My garden has not been a roaring success this year with the exception of one tomato plant which must be from the genus triffidius. I grew it in a pot but it has nevertheless cleared the fence, encroached across the lawn and invaded next door.
I have had sweet red tomatoes from it all summer, then harvested two kilos of green tomatoes to make chutney and still it keeps on giving. But now the cold weather has arrived, I see little prospect of much ripening and so I’ve been looking around to see what else I can do with green tomatoes. There are lots of American recipes for tarts and flans out there but they all seem to involve mayonnaise which, whichever way I look at it, it feels wrong to cook with (sorry, Stateside folk).
So I decided to use my good old lazy bread tart recipe. I was worried that the tomatoes would still be tart but roasting them with a little brown sugar gave them a lovely fruity flavour, almost like an apricot. Paired with a kick-ass Cheddar (I used some Montgomery’s which smelt like freshly-turned earth, yumyum), these tarts are also perfectly mouth-sized.
Ingredients
12 slices of bread (I used white but you could use wholemeal or granary too)
30g of melted butter
1 beaten egg mixed with 1 tbsp milk
40g mature Cheddar cheese, grated
About half a dozen small green tomatoes or equivalent
2 tsp Demerara sugar
Salt and pepper
Preheat the oven to 200˚c / 180˚C fan assisted / Gas Mark 6. Cut the tomatoes into slices, horizontally so that the pips don’t fall out. Put the slices on a sheet of greaseproof paper on a baking tray and sprinkle with the sugar. Bake for 20-25 minutes until soft and sweet.
Cut the crusts off the bread and roll it out flat with a rolling pin. Cut into rounds with a glass or pastry cutter and brush the circles of bread on both sides with the melted butter. Press into a baking tin. Bake for 10 minutes. The bread should be turning golden and hard.
Place a couple of tomato pieces in each tart case, sprinkle with cheese and cover with the seasoned egg and milk mixture, taking care not to overfill. Bake for a further 15 minutes or until the filling has set. Serve warm or cold.
Oh yum, could eat half a dozen of those right now!
I think I did eat about half a dozen…whoops…

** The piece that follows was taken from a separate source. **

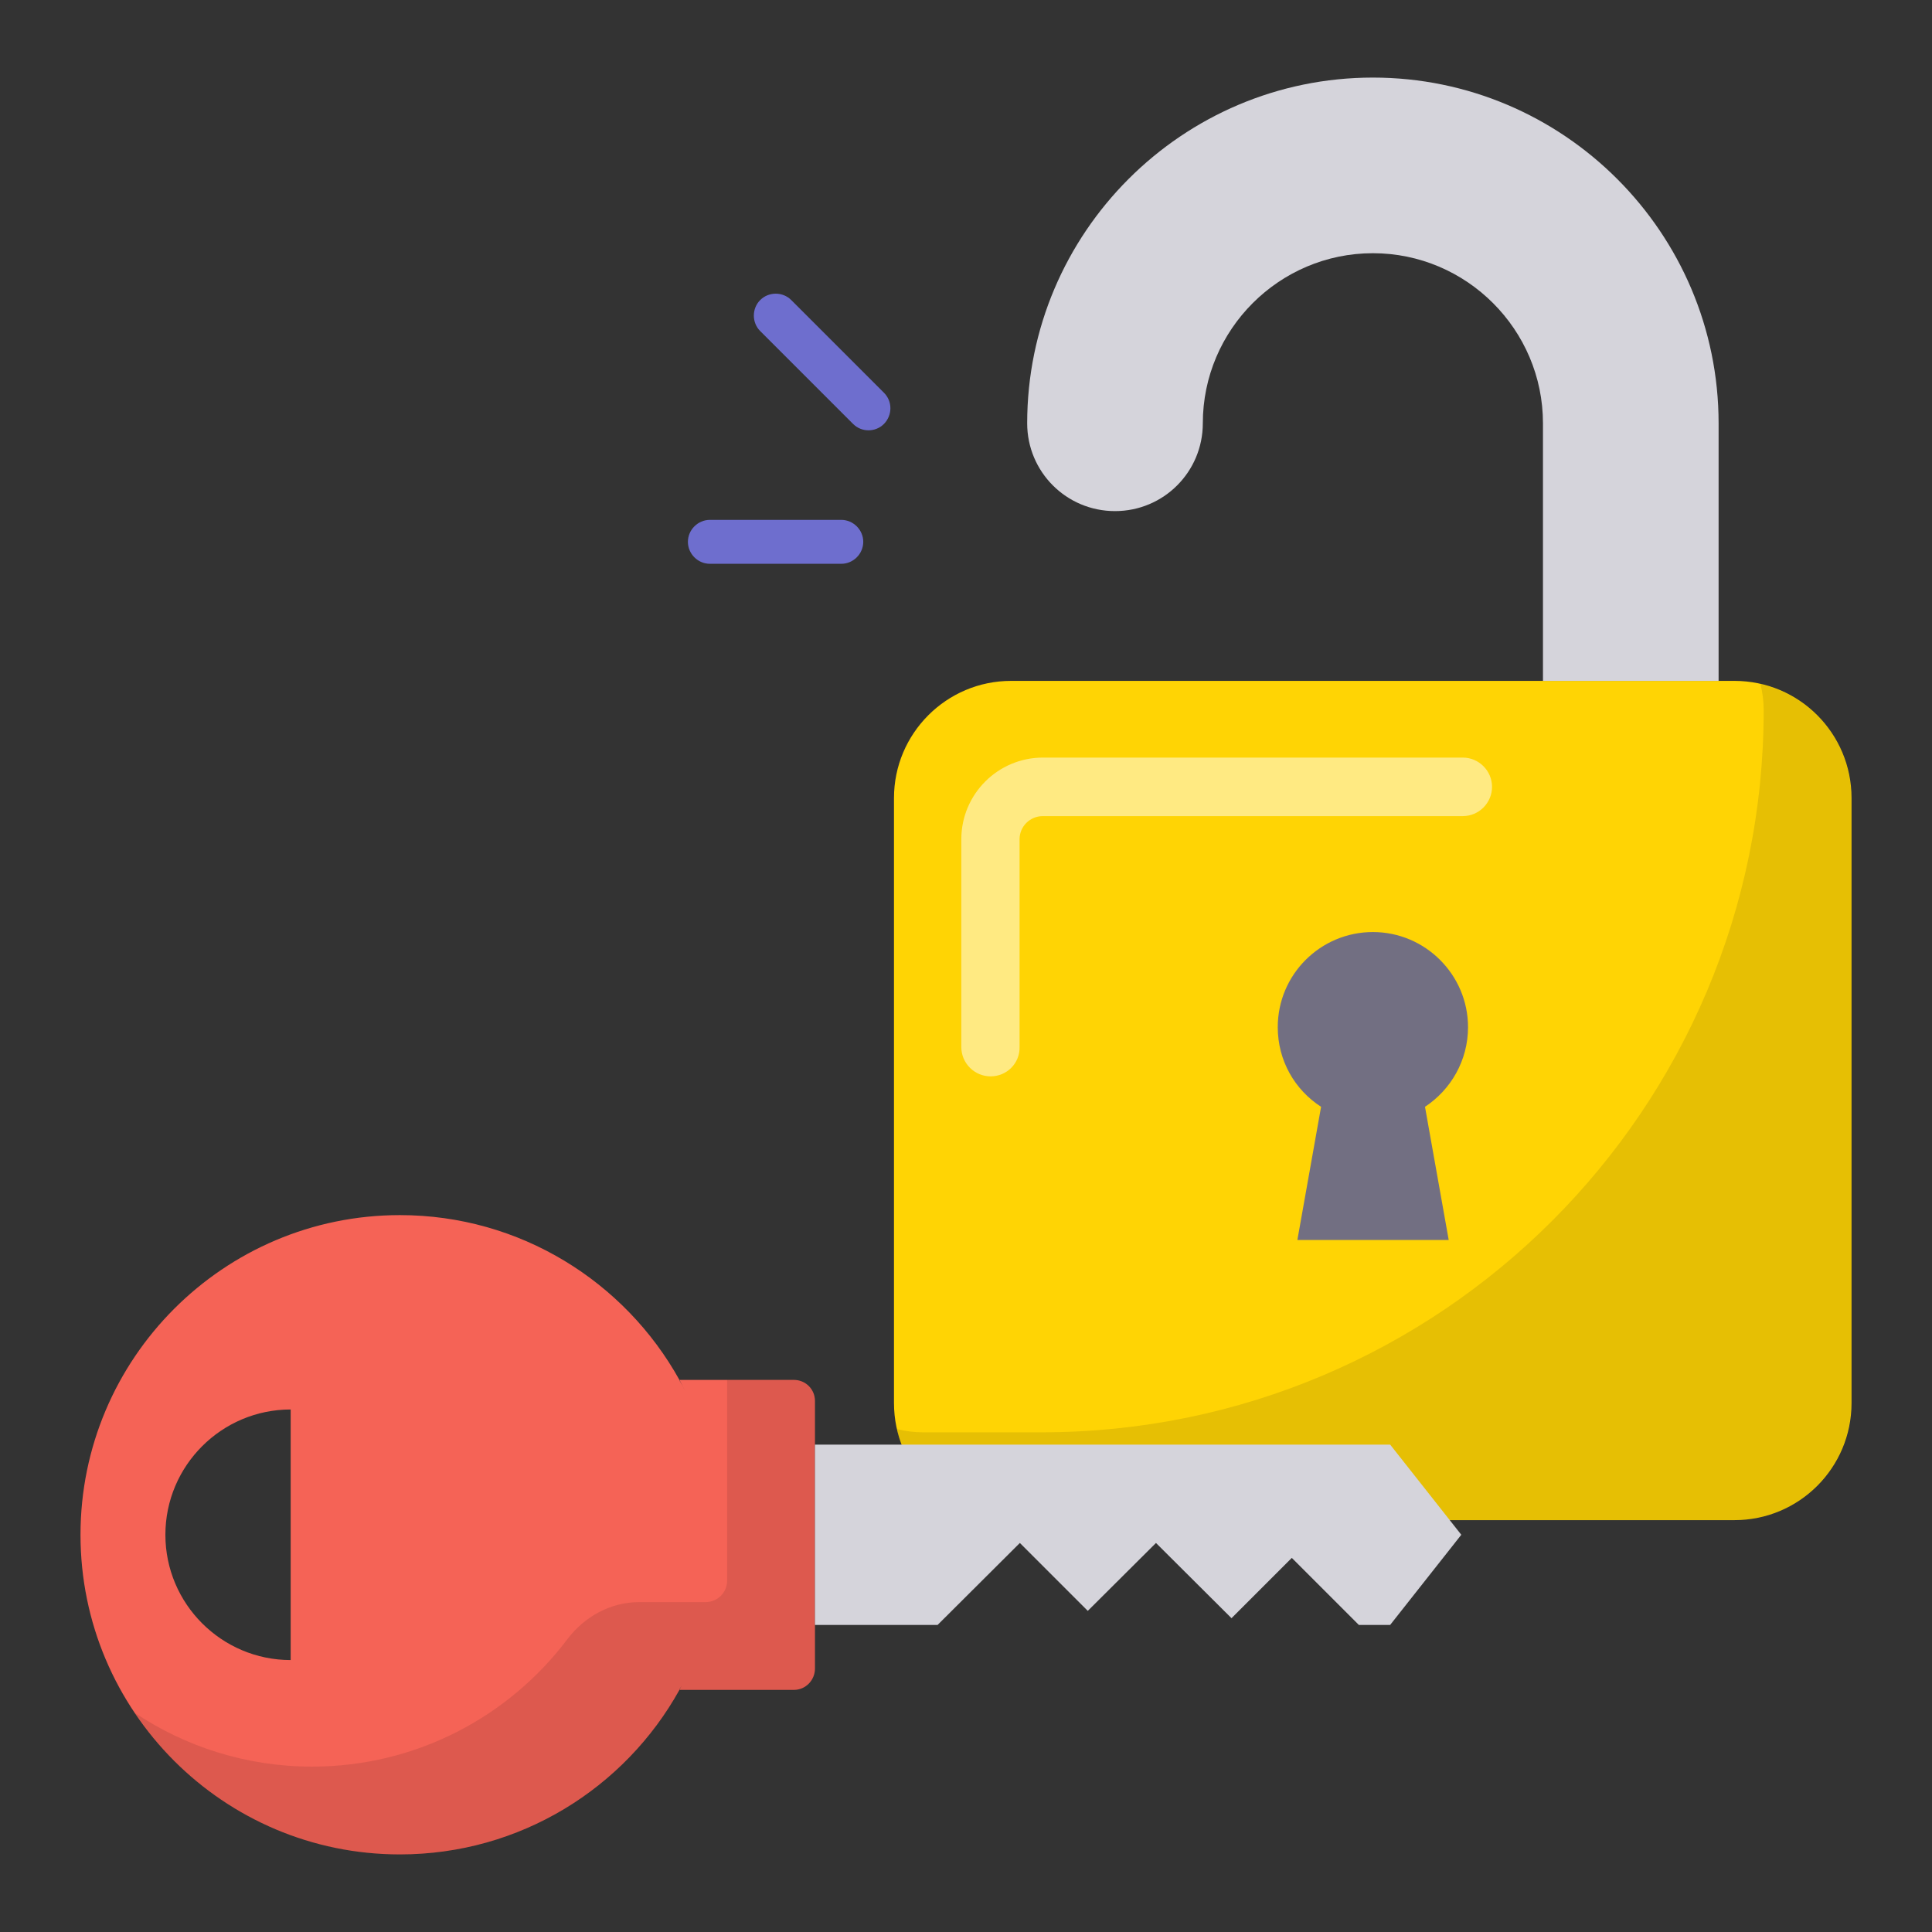 <svg id="Layer_1" enable-background="new 0 0 66 66" height="512" viewBox="0 0 66 66" width="512" xmlns="http://www.w3.org/2000/svg"><rect x="0" y="0" width="66" height="66" fill="#333333" stroke="none"/><g><path d="m34.54 23.26h24.71c2.21 0 4 1.79 4 4v20.67c0 2.21-1.79 4-4 4h-24.71c-2.21 0-4-1.79-4-4v-20.67c0-2.2 1.79-4 4-4z" fill="#ffd404"/><path d="m60.14 23.37c.07.29.11.58.11.89 0 13.62-11.04 24.67-24.67 24.67h-4.05c-.31 0-.6-.04-.89-.11.41 1.78 1.99 3.11 3.89 3.11h24.71c2.21 0 4-1.79 4-4v-20.67c.01-1.9-1.32-3.48-3.1-3.89z" opacity=".1"/><path d="m43.65 35.09c0-1.8 1.46-3.25 3.25-3.25s3.25 1.46 3.25 3.25c0 1.14-.59 2.14-1.47 2.72l.81 4.55h-5.17l.81-4.55c-.9-.58-1.48-1.58-1.48-2.72z" fill="#726f82"/><path d="m52.71 23.26v-8.8c0-3.2-2.61-5.81-5.81-5.81s-5.81 2.61-5.81 5.81c0 1.66-1.34 3-3 3s-3-1.34-3-3c0-6.51 5.3-11.81 11.81-11.81s11.81 5.3 11.81 11.81v8.8z" fill="#d5d4db"/><g fill="#6e6ece"><path d="m28.74 17.76h-4.49c-.41 0-.75.34-.75.75s.34.75.75.75h4.49c.41 0 .75-.34.75-.75s-.34-.75-.75-.75z"/><path d="m30.2 13.42-3.17-3.17c-.29-.29-.77-.29-1.06 0s-.29.77 0 1.06l3.17 3.17c.15.15.34.22.53.22s.38-.07.53-.22c.29-.3.29-.77 0-1.06z"/></g><path d="m27.12 47.14h-3.91c.07.13.14.26.2.39-.06-.13-.13-.26-.21-.39h.01c-1.86-3.35-5.44-5.63-9.55-5.63-6.02 0-10.91 4.9-10.91 10.92 0 6.03 4.89 10.92 10.91 10.92 4.11 0 7.69-2.27 9.55-5.62h-.01c.12-.19.22-.39.32-.6-.1.2-.2.4-.31.6h3.91c.4 0 .72-.33.72-.73v-9.14c0-.4-.32-.72-.72-.72zm-17.19 9.57c-2.36 0-4.28-1.92-4.28-4.28s1.92-4.28 4.28-4.28z" fill="#f56356"/><path d="m27.12 47.14h-2.28v6.86c0 .4-.33.73-.73.73h-2.27c-.98 0-1.87.49-2.46 1.27-1.99 2.64-5.16 4.35-8.72 4.35-2.24 0-4.33-.68-6.06-1.84 1.96 2.92 5.29 4.85 9.06 4.85 4.11 0 7.69-2.27 9.55-5.62h-.01c.12-.19.22-.39.32-.6-.1.2-.2.4-.31.6h3.9c.4 0 .73-.33.73-.73v-9.14c0-.41-.33-.73-.72-.73z" opacity=".1"/><path d="m47.49 49.35h-19.65v6.16h4.19l2.81-2.8 2.32 2.32 2.33-2.32 2.58 2.57 2.06-2.06 2.29 2.29h1.07l2.43-3.08z" fill="#d5d4db"/><g opacity=".5"><path d="m33.84 36.77c-.55 0-1-.45-1-1v-7.1c0-1.54 1.25-2.79 2.79-2.79h14.34c.55 0 1 .45 1 1s-.45 1-1 1h-14.35c-.43 0-.79.35-.79.79v7.1c.01.56-.44 1-.99 1z" fill="#fff"/></g></g></svg>

This sounds and looks so wonderful! I am going to save this for next summer!
I think you could do lots of different things with the roasted green tomatoes – they end up surprisingly sweet.
I love to fry them, but have never experimented with them any other way. Thanks for the enlightenment! 🙂
Got green tomatoes that don’t look like riprning, going to try that today with a difference, great lunch idea.
Tried them, delicious with a little sesame seeds srpinkled on top and chopped parsley in the egg mixture.
AV
Glad you liked them! If you have anymore green tomatoes, I reckon the roasted ones would go well with meat in a tagine or casserole.
Oh wow! They look so good!!!
They were very moreish (note I say ‘were’ not ‘are’!)
Ha ha!
They’d have to go in the lock-able mince pie tin…! Look lovely 😁 well done on your monster tomato plant, we got about 7 blueberries this year
How do you lock a mince pie tin?! I would just unlock it anyway and scoff the lot 🙂
Those look wonderful! Bread, roasted tomatoes, and a good cheddar… what more do you need? 🙂
Exactly! 🙂
They look so cute! Can you fit a whole one in your mouth at once???
Indeed, I can confirm that you can 😉
Maybe a ‘good old standby’ to you, but totally new to me. Shall have to try making some–though at the moment I’m still being inundated with ripe tomatoes from the greenhouse. Salads, soups and pasta sauce galore!
Ah, I used to make them with my sister when I was little – not with green tomatoes though, mainly cheese and ham! They go really crispy so it’s hard to tell they’re not pastry-based.
I have some green tomatoes that came in my veg box (did you ever check them out at all – Sutton Farm?) and have been listlessly wondering what to do with them – not enough to make a chutney but certainly enough to give this a try!
No, I must check them out, keep meaning to. I think if you roasted the green tomatoes you could also use them in a tagine or similar, they reminded of apricots somehow.
These are really too cute! I’m going to try these out so I can see what you mean about the apricot flavour, sounds intriguing. Love the fact that your tomato plant took over the yard!
Let me know what you think! Have you got green tomatoes at the moment?